ACTIVITY:
Restate the full listing word for word; images stay out of it.

RECORDED INFORMATION:
*** Begin section ***

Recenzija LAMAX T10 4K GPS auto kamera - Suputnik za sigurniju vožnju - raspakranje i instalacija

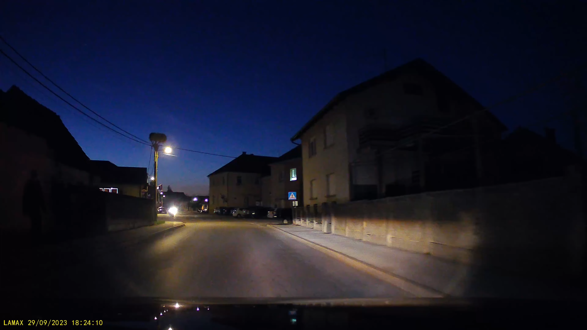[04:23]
A rezultati su dobri i po noći, iznenađujuće dobri morate priznati.

*** End section ***

ANSWER SECTION:
Recenzija LAMAX T10 4K GPS auto kamera - Suputnik za sigurniju vožnju - raspakranje i instalacija

[04:23]
A rezultati su dobri i po noći, iznenađujuće dobri morate priznati.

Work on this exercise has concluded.